Follow the tree to identify:
- The recommended **statistical family** (e.g., "linear mixed effects regression")
- The corresponding **reference file** to load next
- Any **method-specific questions** flagged by the tree

Tell the user the recommended family in one sentence and why (what features of their
design drove the choice). If two methods are plausible, name both and explain the
deciding factor, then ask the user which fits their intent.

---

## Phase 2: Load the method reference and ask method-specific questions

Load the reference file identified in Phase 1. Read the "Key decisions" section.
Ask only questions whose answers are needed to write the model formula.

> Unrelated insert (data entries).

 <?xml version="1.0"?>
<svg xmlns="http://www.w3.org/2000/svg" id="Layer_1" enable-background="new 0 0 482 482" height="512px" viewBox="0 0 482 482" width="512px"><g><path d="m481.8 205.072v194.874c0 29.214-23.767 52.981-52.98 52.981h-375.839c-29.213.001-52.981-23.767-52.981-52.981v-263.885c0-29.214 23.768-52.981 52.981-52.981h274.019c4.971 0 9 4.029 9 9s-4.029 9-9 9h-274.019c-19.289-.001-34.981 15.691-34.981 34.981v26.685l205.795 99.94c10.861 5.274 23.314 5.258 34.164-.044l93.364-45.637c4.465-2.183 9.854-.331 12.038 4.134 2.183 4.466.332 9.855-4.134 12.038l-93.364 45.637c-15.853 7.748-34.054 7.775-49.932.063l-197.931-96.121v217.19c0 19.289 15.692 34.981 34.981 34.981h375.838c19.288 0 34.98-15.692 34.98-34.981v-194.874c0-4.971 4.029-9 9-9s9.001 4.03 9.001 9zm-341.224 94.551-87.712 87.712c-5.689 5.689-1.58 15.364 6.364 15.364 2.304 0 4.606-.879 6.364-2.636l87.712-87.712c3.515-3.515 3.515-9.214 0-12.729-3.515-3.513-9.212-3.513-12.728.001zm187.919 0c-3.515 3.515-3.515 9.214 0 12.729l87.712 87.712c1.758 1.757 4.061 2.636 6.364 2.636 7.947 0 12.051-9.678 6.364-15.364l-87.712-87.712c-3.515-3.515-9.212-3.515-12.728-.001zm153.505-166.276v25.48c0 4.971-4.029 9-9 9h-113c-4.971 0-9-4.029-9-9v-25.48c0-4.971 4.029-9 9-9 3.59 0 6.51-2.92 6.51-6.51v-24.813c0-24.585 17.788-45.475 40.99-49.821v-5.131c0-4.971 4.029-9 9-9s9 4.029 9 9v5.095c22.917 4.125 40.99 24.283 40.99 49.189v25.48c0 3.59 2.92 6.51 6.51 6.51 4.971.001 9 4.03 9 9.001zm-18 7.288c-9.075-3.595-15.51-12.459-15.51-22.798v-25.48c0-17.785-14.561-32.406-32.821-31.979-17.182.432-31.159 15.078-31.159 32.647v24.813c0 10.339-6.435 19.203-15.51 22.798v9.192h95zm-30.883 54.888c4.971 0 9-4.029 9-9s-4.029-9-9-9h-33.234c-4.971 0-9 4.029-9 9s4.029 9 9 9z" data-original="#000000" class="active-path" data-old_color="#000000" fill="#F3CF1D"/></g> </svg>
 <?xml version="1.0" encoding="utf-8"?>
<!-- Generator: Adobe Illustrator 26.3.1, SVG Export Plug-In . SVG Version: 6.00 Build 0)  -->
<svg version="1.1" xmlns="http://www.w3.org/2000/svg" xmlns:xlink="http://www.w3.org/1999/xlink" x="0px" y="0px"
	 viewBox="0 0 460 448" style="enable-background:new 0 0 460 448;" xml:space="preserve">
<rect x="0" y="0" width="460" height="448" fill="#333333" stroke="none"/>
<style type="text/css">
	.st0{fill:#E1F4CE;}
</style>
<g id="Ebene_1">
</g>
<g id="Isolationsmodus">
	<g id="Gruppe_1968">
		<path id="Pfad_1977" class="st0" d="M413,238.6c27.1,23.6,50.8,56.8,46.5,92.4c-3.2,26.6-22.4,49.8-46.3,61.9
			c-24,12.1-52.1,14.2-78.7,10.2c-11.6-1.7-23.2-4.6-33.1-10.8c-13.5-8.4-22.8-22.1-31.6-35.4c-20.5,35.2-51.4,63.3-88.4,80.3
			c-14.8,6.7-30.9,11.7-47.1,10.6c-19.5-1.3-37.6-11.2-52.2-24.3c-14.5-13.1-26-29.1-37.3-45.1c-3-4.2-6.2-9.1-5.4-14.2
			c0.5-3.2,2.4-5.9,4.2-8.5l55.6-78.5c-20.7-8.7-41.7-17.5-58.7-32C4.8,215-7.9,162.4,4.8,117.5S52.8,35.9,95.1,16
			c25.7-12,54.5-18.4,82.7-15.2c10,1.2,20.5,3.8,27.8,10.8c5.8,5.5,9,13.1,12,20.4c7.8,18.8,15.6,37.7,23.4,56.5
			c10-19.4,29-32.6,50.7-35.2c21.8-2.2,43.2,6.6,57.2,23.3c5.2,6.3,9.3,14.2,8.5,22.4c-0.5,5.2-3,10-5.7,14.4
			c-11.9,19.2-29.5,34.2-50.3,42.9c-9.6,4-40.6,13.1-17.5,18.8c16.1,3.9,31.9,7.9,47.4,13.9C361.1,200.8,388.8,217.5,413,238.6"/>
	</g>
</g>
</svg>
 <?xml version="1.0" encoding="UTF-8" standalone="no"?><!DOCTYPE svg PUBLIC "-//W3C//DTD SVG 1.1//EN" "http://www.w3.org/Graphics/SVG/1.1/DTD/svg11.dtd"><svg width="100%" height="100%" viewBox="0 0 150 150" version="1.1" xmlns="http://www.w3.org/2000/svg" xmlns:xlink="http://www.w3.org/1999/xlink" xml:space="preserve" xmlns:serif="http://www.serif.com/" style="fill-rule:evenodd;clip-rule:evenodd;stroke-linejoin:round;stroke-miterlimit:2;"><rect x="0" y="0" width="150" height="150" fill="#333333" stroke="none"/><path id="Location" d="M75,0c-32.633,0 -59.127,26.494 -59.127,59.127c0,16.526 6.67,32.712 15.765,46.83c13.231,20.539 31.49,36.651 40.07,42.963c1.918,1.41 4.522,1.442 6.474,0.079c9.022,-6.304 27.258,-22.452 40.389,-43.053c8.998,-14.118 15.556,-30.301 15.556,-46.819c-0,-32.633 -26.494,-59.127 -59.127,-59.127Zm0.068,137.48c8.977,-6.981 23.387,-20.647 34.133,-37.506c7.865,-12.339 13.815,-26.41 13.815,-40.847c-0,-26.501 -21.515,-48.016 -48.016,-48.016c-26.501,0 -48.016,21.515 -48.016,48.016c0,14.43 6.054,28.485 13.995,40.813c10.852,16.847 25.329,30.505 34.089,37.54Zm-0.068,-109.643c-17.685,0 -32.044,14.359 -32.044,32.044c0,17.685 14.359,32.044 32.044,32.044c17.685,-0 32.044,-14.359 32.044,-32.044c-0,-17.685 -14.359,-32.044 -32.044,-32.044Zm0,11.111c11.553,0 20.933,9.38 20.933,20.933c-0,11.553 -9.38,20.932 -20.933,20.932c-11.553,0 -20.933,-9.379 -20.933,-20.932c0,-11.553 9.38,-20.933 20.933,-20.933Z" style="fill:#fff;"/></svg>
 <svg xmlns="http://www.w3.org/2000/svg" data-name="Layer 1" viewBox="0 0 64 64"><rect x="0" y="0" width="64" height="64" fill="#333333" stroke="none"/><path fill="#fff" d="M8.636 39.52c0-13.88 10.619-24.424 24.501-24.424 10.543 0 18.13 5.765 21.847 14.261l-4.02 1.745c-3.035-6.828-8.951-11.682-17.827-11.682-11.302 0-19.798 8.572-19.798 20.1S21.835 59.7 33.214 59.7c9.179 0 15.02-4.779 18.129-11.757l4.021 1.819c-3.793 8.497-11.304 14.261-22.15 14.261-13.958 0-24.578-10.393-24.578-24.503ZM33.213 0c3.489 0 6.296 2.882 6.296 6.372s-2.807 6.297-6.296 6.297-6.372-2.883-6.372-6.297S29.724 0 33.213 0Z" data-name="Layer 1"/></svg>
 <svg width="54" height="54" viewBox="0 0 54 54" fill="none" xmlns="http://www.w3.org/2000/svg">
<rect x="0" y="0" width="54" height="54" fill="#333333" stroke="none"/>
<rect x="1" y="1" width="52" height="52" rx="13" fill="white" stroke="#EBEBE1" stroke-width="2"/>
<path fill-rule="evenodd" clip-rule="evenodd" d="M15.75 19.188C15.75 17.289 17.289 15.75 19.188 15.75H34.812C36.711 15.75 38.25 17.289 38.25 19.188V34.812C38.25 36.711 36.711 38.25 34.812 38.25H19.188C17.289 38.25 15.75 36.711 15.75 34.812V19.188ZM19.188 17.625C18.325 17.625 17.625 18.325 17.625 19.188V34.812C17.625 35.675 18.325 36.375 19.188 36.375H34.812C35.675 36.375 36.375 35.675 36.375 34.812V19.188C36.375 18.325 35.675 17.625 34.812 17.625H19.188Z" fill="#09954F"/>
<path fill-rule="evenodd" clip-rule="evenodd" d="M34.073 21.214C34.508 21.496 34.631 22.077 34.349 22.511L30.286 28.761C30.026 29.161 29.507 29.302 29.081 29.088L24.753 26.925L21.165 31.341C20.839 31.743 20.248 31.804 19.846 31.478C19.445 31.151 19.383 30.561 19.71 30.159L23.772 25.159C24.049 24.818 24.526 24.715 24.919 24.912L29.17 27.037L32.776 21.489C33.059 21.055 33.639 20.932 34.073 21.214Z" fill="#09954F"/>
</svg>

Examples:

- ANOVA: "What is the reference / baseline group?" "Are any factors within-subject?"
- Regression: "Which predictors are you most interested in testing?" "Should any
  continuous predictors be mean-centred or standardised?"
- Mixed effects: "What is the grouping variable for the random effect?" "Do you
  expect random slopes, or only a random intercept?"
- CCA: "Which variables form Set A (predictors) and Set B (outcomes)?"
- EFA: "Do you have a hypothesis about how many factors there are?"

---

## Phase 3: Confirm the model hierarchy

Load `${CLAUDE_PLUGIN_ROOT}/references/model-hierarchy.md` for the code patterns.

Present the proposed model sequence as a numbered list:

```
Level 0 (null):        outcome ~ 1
Level 1 (covariates):  outcome ~ age + site
Level 2 (main effects): outcome ~ age + site + group + score
Level 3 (interaction):  outcome ~ age + site + group * score
```

For each step, name the comparison test (F-test, likelihood ratio, Pillai's trace,
etc.) and what a significant result means in plain language.

Ask: "Does this sequence match what you want to test? Any levels to add, remove,
or reorder?"

Incorporate corrections before Phase 4.

---

## Phase 4: Emit the model sequence as runnable code stubs

Generate a script skeleton in the user's chosen language. Use the code templates
from the method reference and `model-hierarchy.md`. The output should be:

- One model object per level, with the formula filled in from the confirmed hierarchy
- Comparison tests between adjacent levels (LRT, `anova()`, `car::Anova()`, etc.)
- Calls to the key diagnostic checks from `qc-metrics.md` for this method family
- Comments explaining what each level tests and what to look for in the output

The script is a starting point, not a finished analysis. The user should be able
to copy it, point it at their data, and run it immediately.

---

## Constraints

- **Never recommend a method without explaining why** — the user needs to understand
  the choice, not just receive a label.
- **Never skip the null model.** Every sequence starts at Level 0. Skipping it
  removes the ability to attribute explained variance to specific terms.
- **If the design is ambiguous, ask.** A wrong random-effects structure or a
  misidentified outcome type produces valid-looking but wrong results.
- **Flag assumption violations early.** If the user's description implies likely
  violations (e.g., heavily skewed outcome → mention GLM alternatives; small N
  with many predictors → mention regularisation or dimensionality reduction first),
  name the concern before committing to a model.
- **Point toward a separate skill for complex methods.** SEM with latent paths,
  Bayesian modelling, and machine learning pipelines are out of scope here. Name
  them and say "consider a dedicated skill or workflow for this."